Mahkemece, yazılı gerekçeyle davanın reddine karar verilmiş ise de gerekçeye katılmak mümkün değildir. Taşınmazlara ait tapu kayıtları incelendiğinde evlilik birliği içerisinde eşler arasında edinilmiş mallara katılma rejiminin geçerli olduğu dönemde satış nedenine dayalı olarak davalı adına edinildiği açıktır.
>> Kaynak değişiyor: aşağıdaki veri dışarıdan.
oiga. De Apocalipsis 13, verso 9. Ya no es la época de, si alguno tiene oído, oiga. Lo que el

Taşınmazların, edinilmiş mal olmadığını ispat yükü Yasa gereği davalıda olup dosya kapsamından bu hususun ispat edilemediği anlaşılmaktadır.
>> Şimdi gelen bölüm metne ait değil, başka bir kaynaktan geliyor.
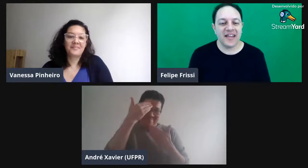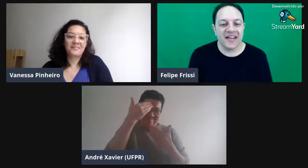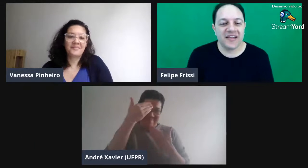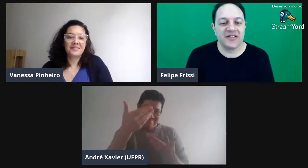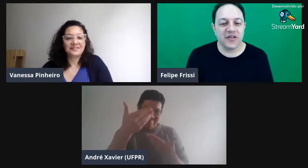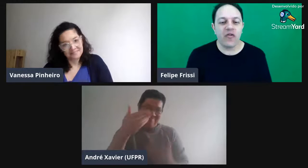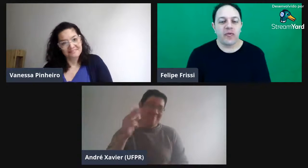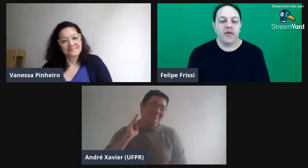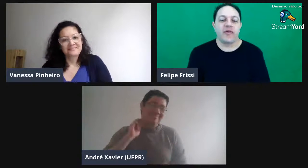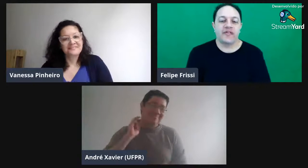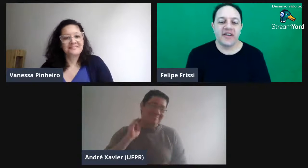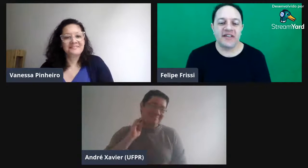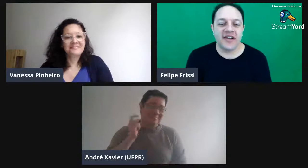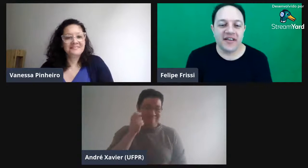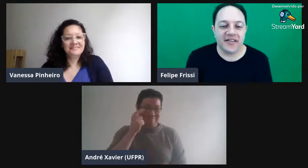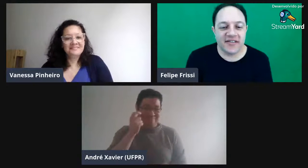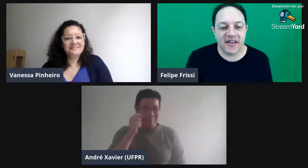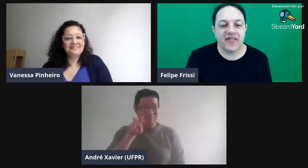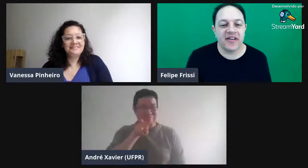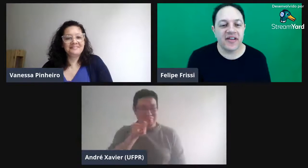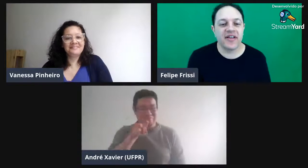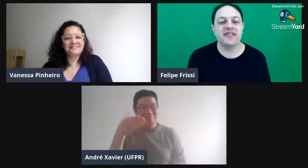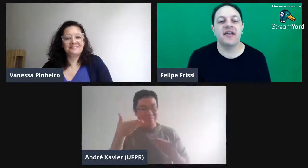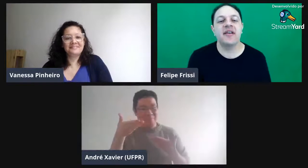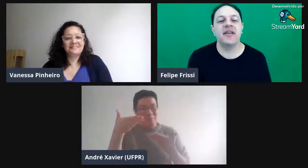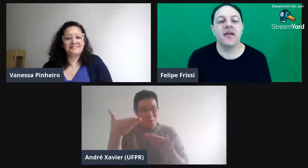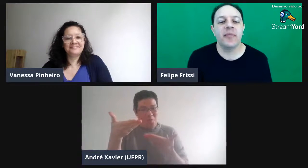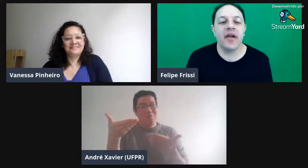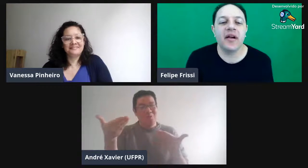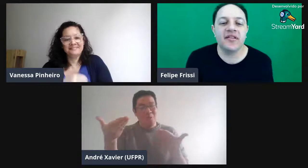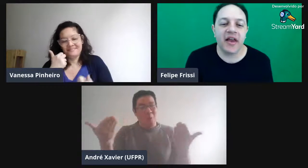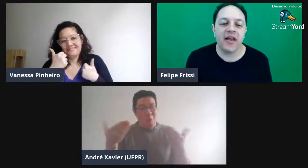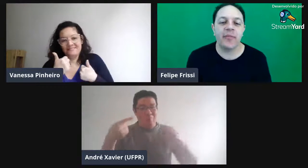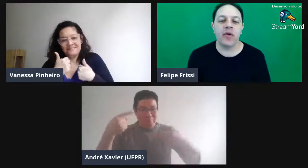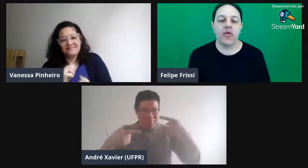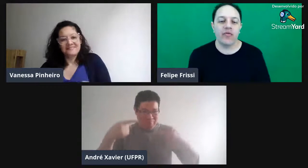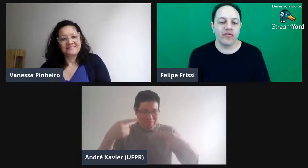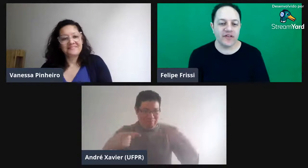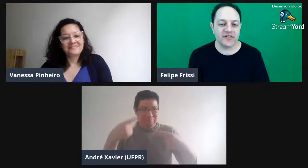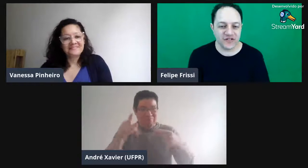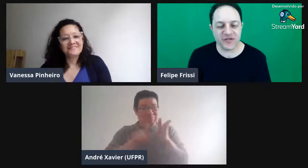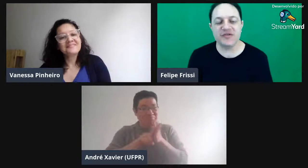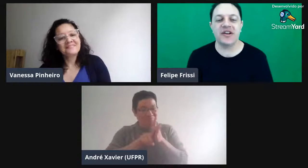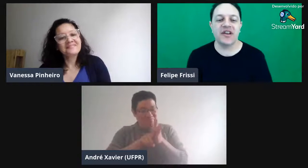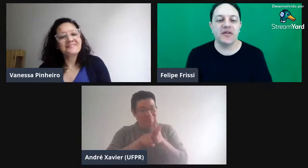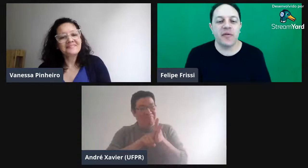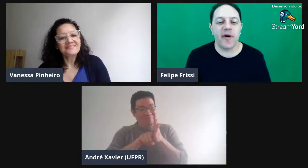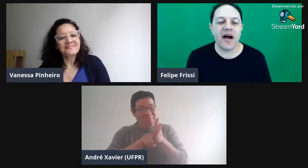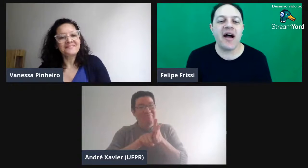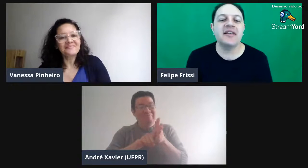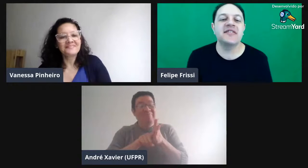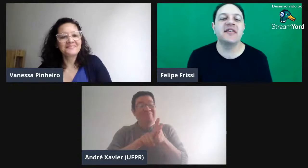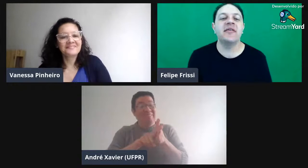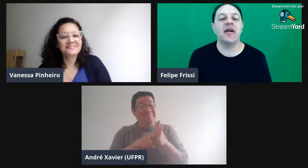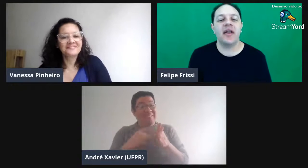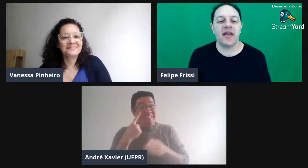De novo, primeiro gostaria de agradecer a Vanessa e também a Angélica pelo convite de hoje aqui no debate, na

Mahkemece, tasfiyeye konu edilen taşınmazların davalının edinilmiş malı olduklarının kabulü ile, iddia, savunma ve deliller çevçevesinde taşınmazlar yönünden yukarıda izah edilen ilkeler gözetilerek tasfiye tarihi tibariyle sürüm değerlerinin tespit edilmesi, taşınmazlara ait mal rejiminin sona erdiği tarih itibariyle mevcut borçlar da hesaplamaya dahil edilerek artık değer olup olmadığının tespiti, artık değer var ise davacı kadının yasadan kaynaklanan artık değere katılma alacağının bulunacağı gözetilmeden eksik araştırma ve inceleme ile karar verilmesi isabetsiz olup bozmayı gerektirmiştir.
SONUÇ: Temyiz olunan kararın yukarıda davacı vekilinin yazılı temyiz itirazları yerinde görüldüğünden kabulü ile hükmün 6100 sayılı HMK"nun Geçici 3. maddesi yollaması ile HUMK’nun 428. maddesi uyarınca BOZULMASINA, taraflarca HUMK"nun 440/I maddesi gereğince Yargıtay Daire ilamının tebliğinden itibaren ilama karşı 15 gün içinde karar düzeltme isteğinde bulunulabileceğine ve peşin harcın istek halinde iadesine 22.02.2017 tarihinde oybirliğiyle karar verildi.